▸ **WHAT YOU ARE ASKED TO DO**
Give back the entries that follow exactly as written. Any picture gets left out.

PROVIDED INFORMATION Start Marker

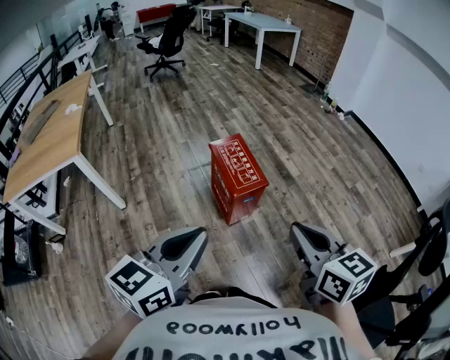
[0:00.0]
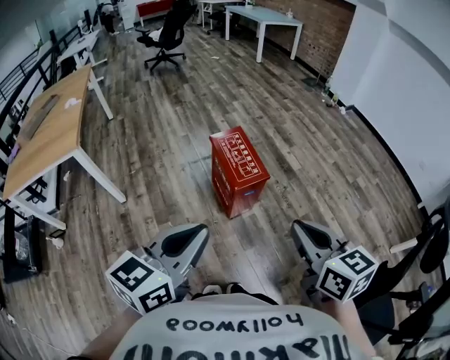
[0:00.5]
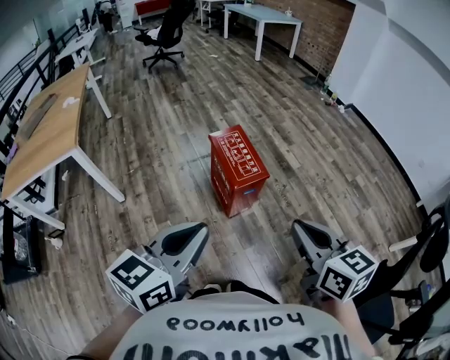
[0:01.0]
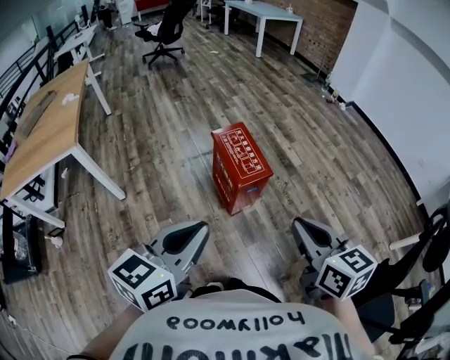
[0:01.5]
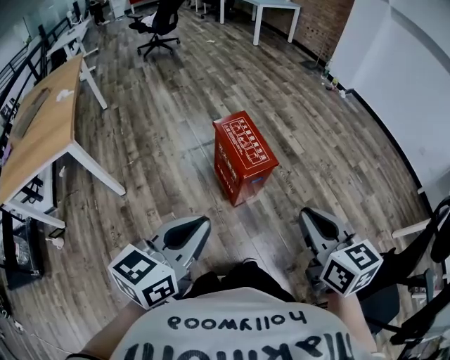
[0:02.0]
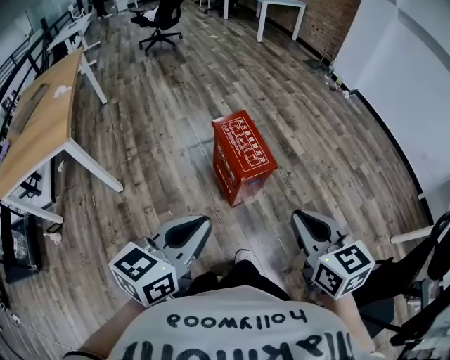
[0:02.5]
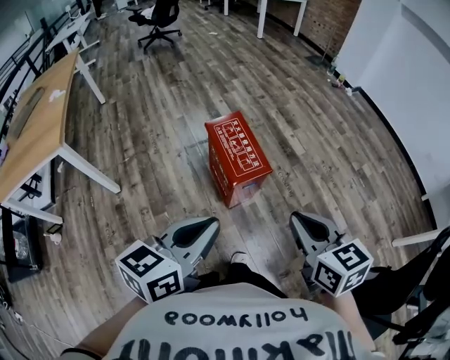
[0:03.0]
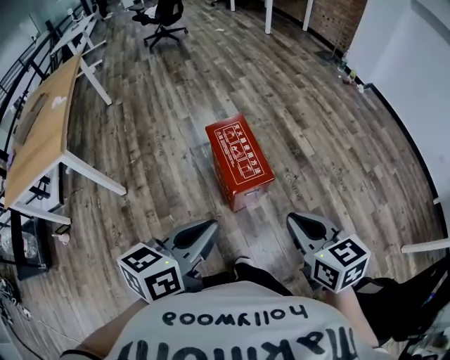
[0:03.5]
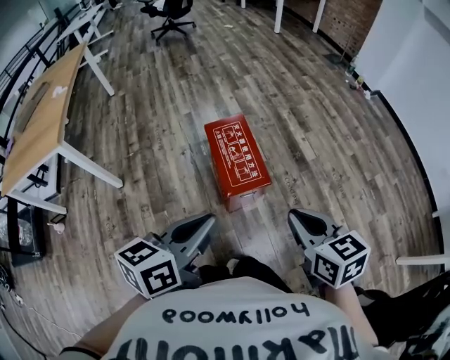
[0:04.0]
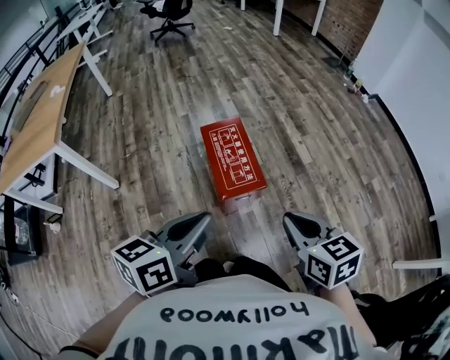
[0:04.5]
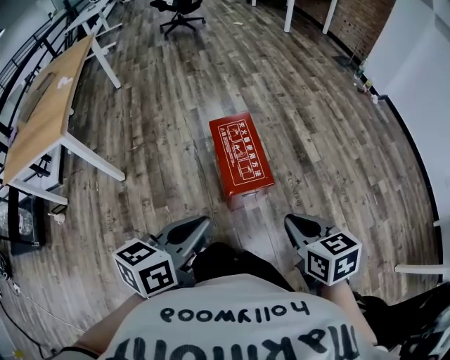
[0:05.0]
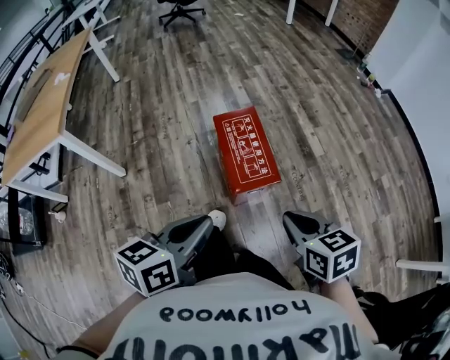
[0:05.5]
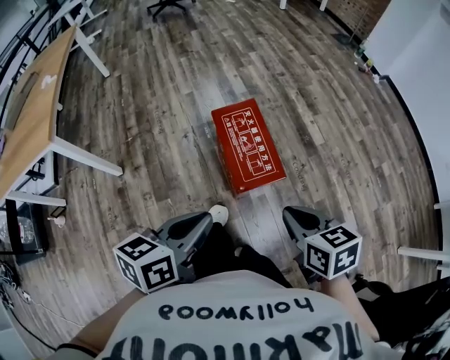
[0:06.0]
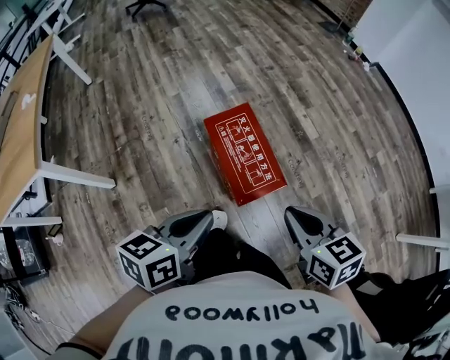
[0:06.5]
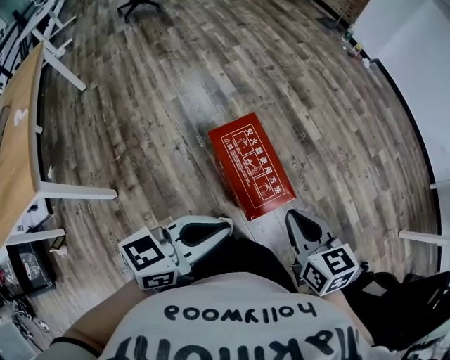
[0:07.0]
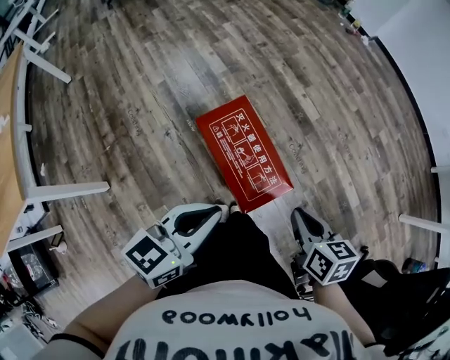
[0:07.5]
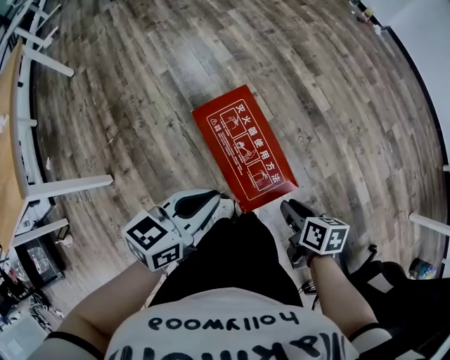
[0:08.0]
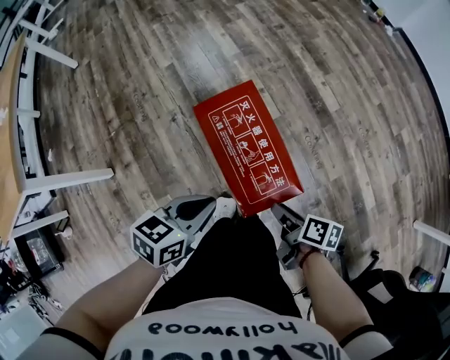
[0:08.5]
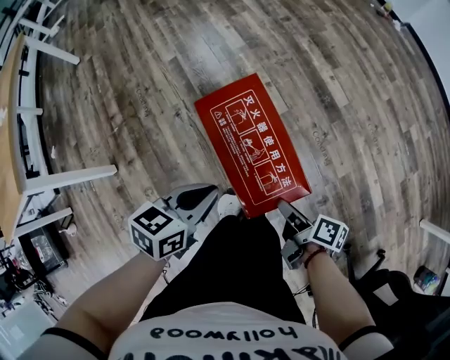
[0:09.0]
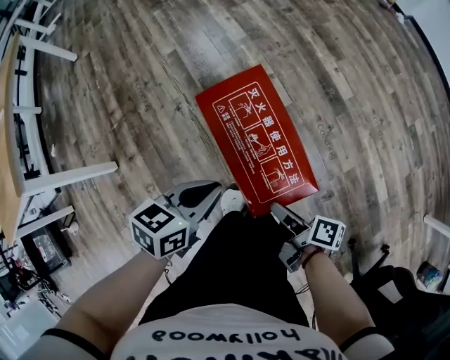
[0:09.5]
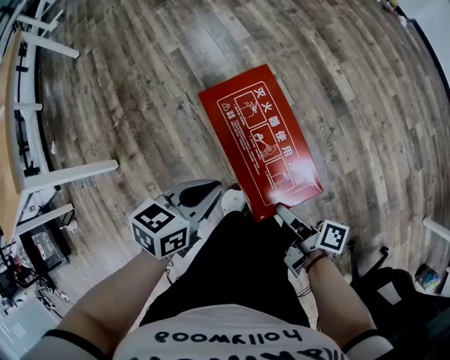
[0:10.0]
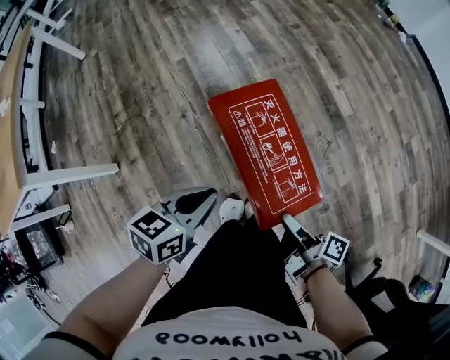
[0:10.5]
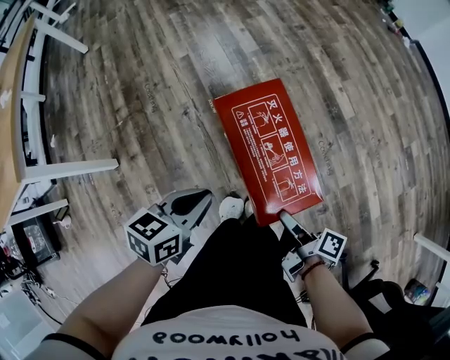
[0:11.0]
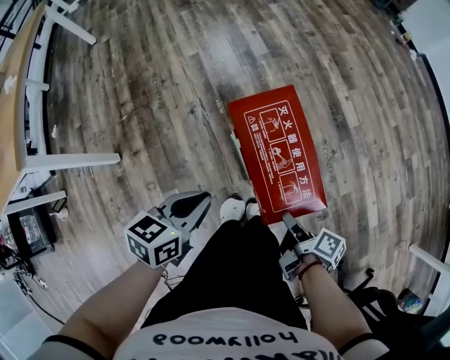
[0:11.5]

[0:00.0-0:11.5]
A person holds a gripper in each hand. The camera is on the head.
0:00.0 to 0:02.0: The right gripper ends up approximately 5 cm from where it was; the left gripper changes place by some 5 cm.
0:02.0 to 0:04.0: The left gripper shifts some 20 cm forward and to the right. Meanwhile the right gripper moves forward, to the right and downward, roughly 20 cm.
0:04.0 to 0:06.0: Both grippers move downward and to the left, approximately 10 cm.
0:06.0 to 0:07.5: The left gripper shifts approximately 15 cm forward, and swivels about 30 degrees, while the right gripper travels forward and downward by approximately 15 cm, and changes its angle by about 30 degrees.
0:07.5 to 0:09.5: Both grippers move downward, approximately 20 cm. The left gripper changes its angle by roughly 20 degrees, while the right gripper twists about 50 degrees clockwise, seen from behind, and opens up.
0:09.5 to 0:11.5: The left gripper shifts approximately 10 cm to the left.

PROVIDED INFORMATION End Marker

▸ **WRITTEN SOLUTION**
[0:00.0]
[0:00.5]
[0:01.0]
[0:01.5]
[0:02.0]
[0:02.5]
[0:03.0]
[0:03.5]
[0:04.0]
[0:04.5]
[0:05.0]
[0:05.5]
[0:06.0]
[0:06.5]
[0:07.0]
[0:07.5]
[0:08.0]
[0:08.5]
[0:09.0]
[0:09.5]
[0:10.0]
[0:10.5]
[0:11.0]
[0:11.5]

[0:00.0-0:11.5]
A person holds a gripper in each hand. The camera is on the head.
0:00.0 to 0:02.0: The right gripper ends up approximately 5 cm from where it was; the left gripper changes place by some 5 cm.
0:02.0 to 0:04.0: The left gripper shifts some 20 cm forward and to the right. Meanwhile the right gripper moves forward, to the right and downward, roughly 20 cm.
0:04.0 to 0:06.0: Both grippers move downward and to the left, approximately 10 cm.
0:06.0 to 0:07.5: The left gripper shifts approximately 15 cm forward, and swivels about 30 degrees, while the right gripper travels forward and downward by approximately 15 cm, and changes its angle by about 30 degrees.
0:07.5 to 0:09.5: Both grippers move downward, approximately 20 cm. The left gripper changes its angle by roughly 20 degrees, while the right gripper twists about 50 degrees clockwise, seen from behind, and opens up.
0:09.5 to 0:11.5: The left gripper shifts approximately 10 cm to the left.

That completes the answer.